Gatto denied that his bill would offer a "safe harbor" to big manufacturers. He argued that it applies only to posting signs in retail establishments and would not affect the imperative to label products, and stressed that he is still working to craft the bill's language to ensure it is narrowly focused and leaves Proposition 65's core intact.
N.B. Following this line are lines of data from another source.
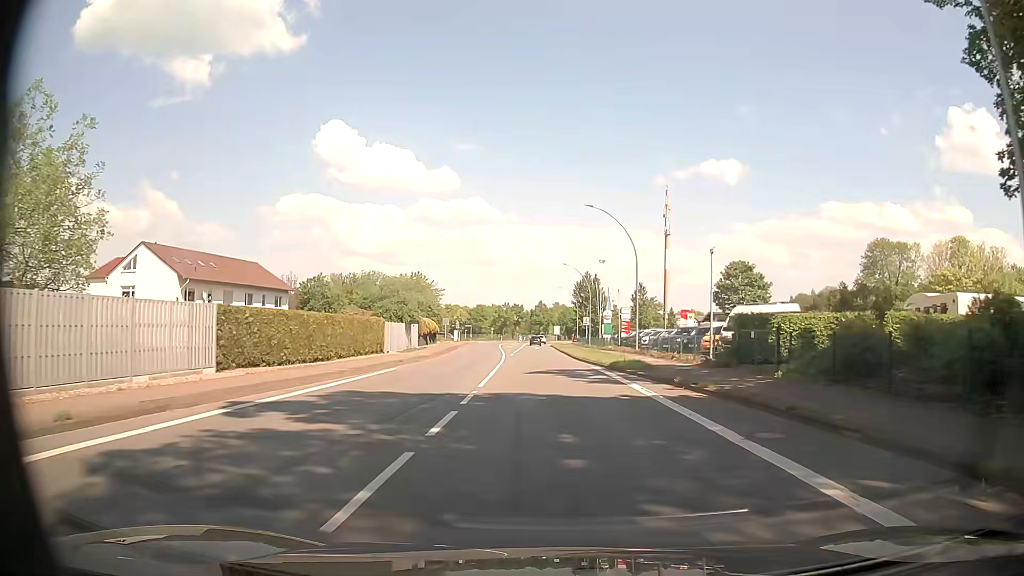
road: primary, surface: asphalt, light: Day
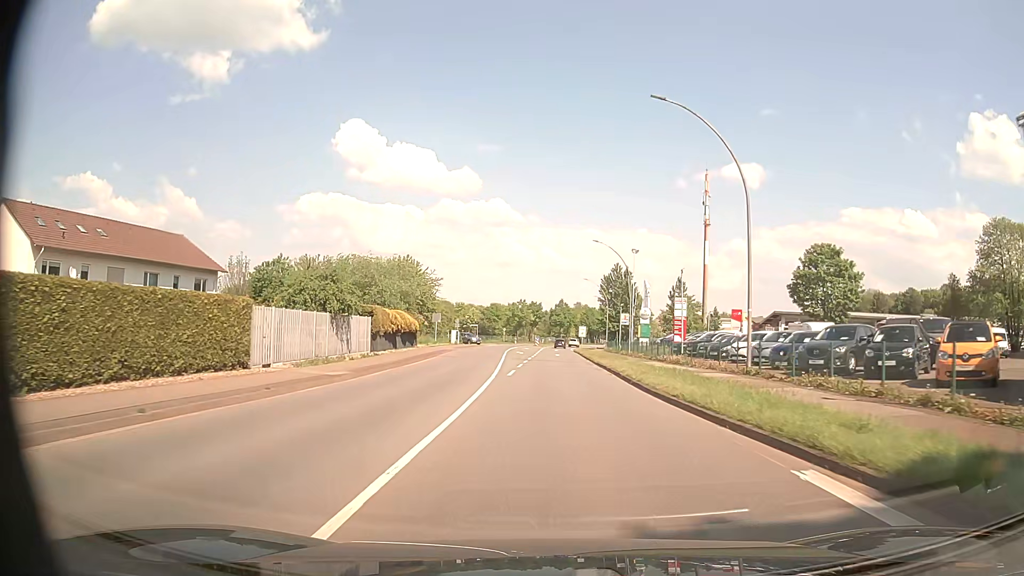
(-0.4, +21.8) m; -1°
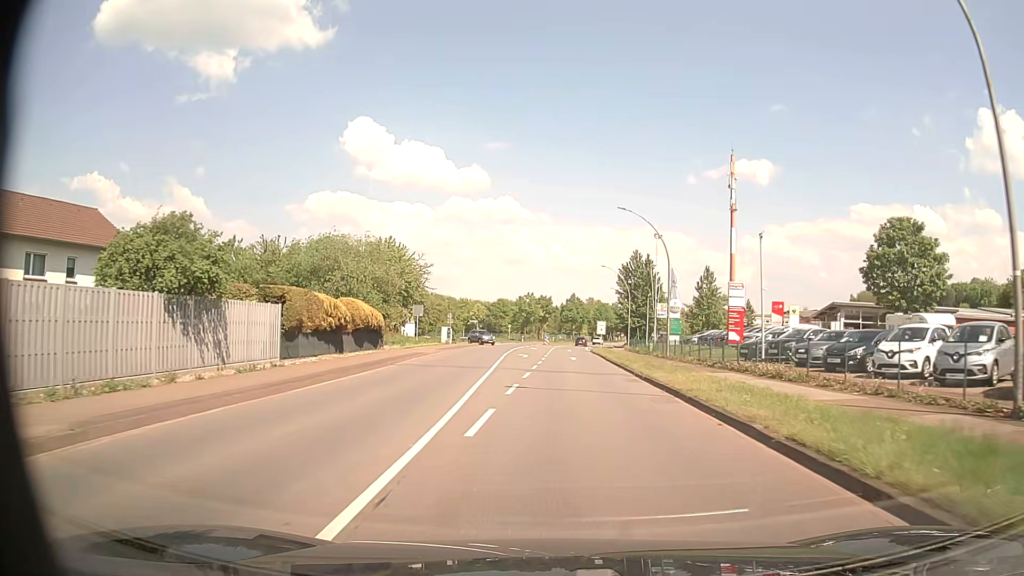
(-0.2, +14.4) m; -1°
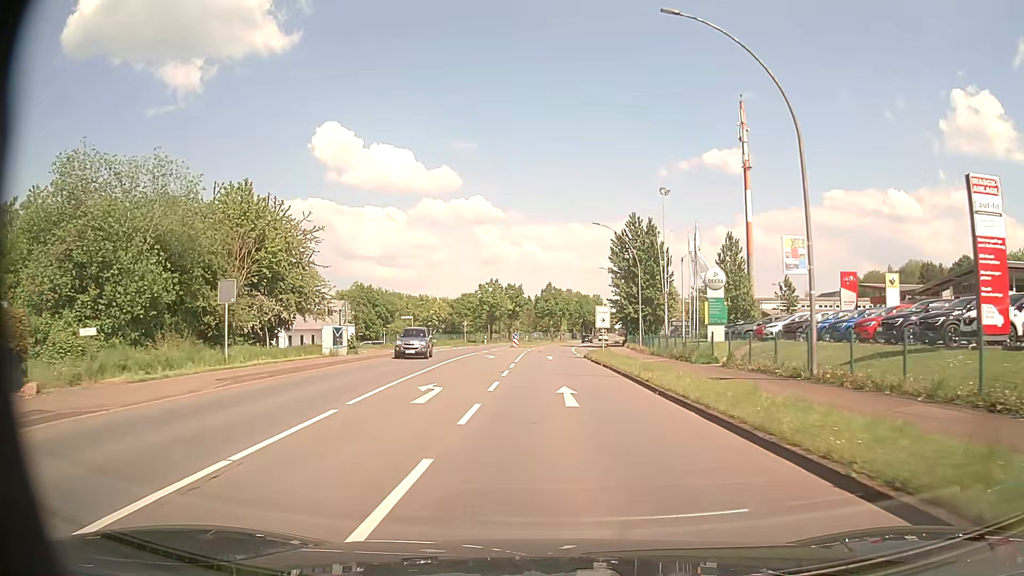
(+0.7, +28.6) m; +2°
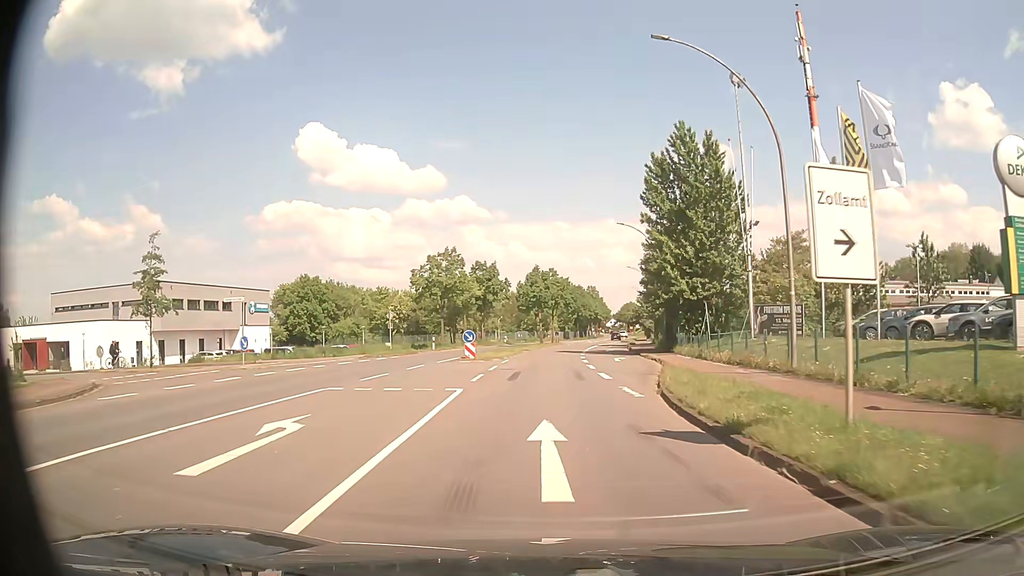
(-0.1, +33.5) m; +1°
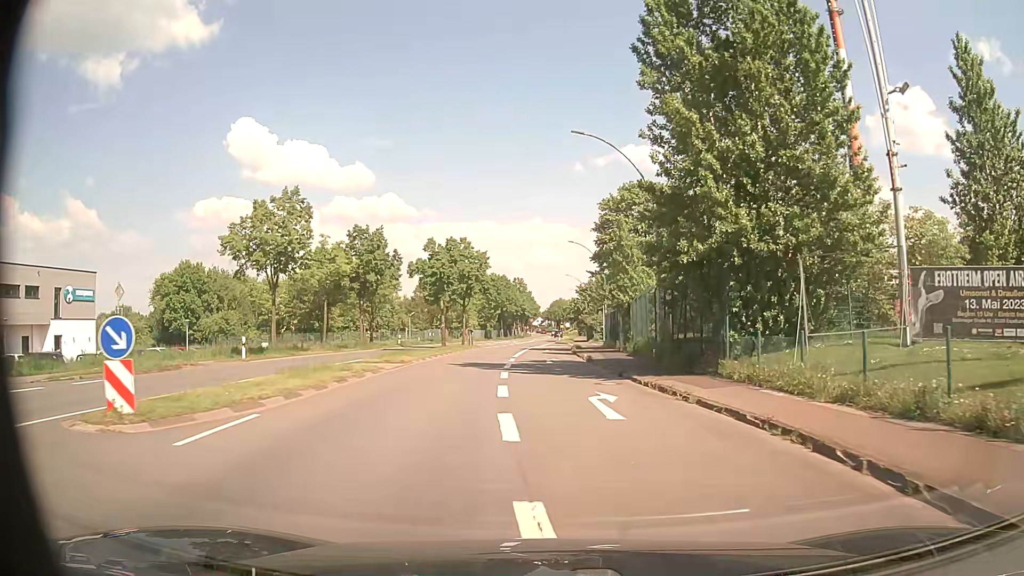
(+1.2, +24.3) m; +7°
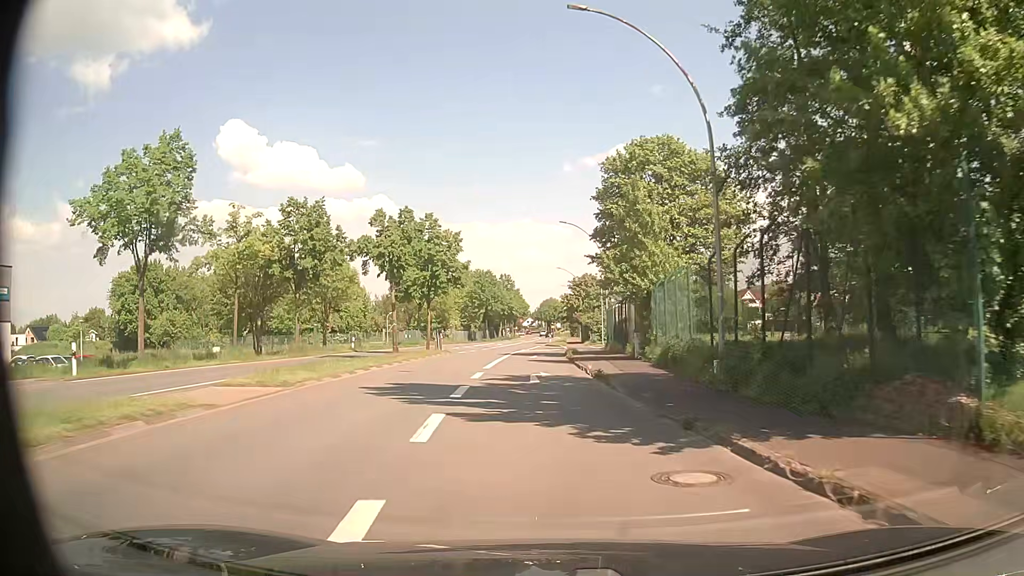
(+0.1, +12.0) m; 0°
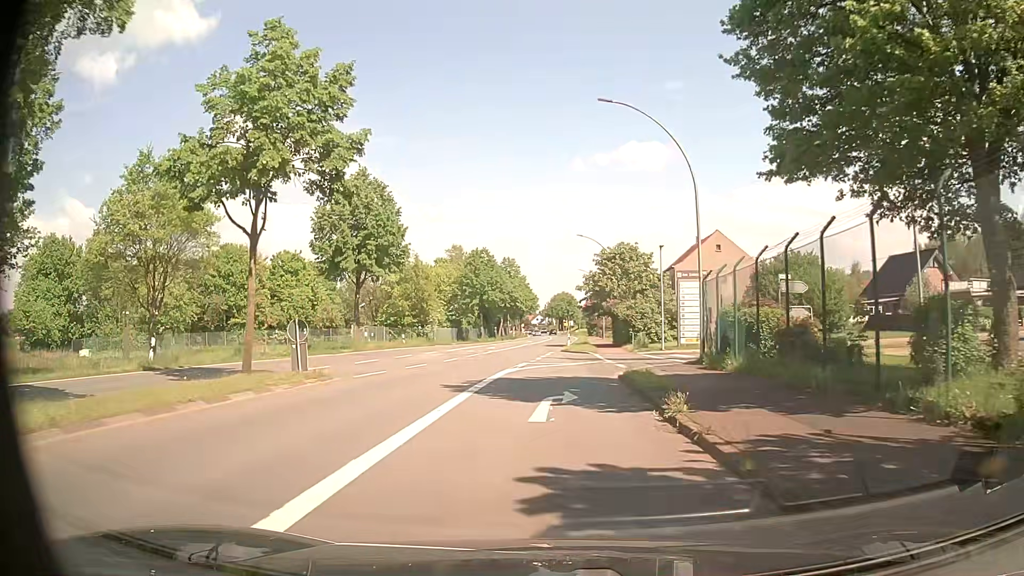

Lawmakers who voted the bill out of committee did so with the caveat that they wanted to see the language tightened. 

The 14-day grace period is also too slim to allow manufacturers to take corrective action and avoid penalties, Gatto said,Choose the right bestluggagetag in an array of colors. arguing that it would not be feasible for a large company to label or change its products in such a short amount of time. 

"It is completely manifest that we aren't trying to go after a toy manufacturer who puts lead in a product," Gatto said in an interview, adding that "a restaurant is unique because you can put that sign up." 

Roe, the original author of Proposition 65, said he is still in touch with Gatto's office and hopes to see a stronger bill he can get behind. For now, though, he remains opposed. 

"I think it's good for the statute to give small businesses a clear pathway to comply without getting tangled up in expensive lawyering," Roe said. "The danger, of course, is it carves out loopholes that bigger, more sophisticated parties can use, and as written it certainly does."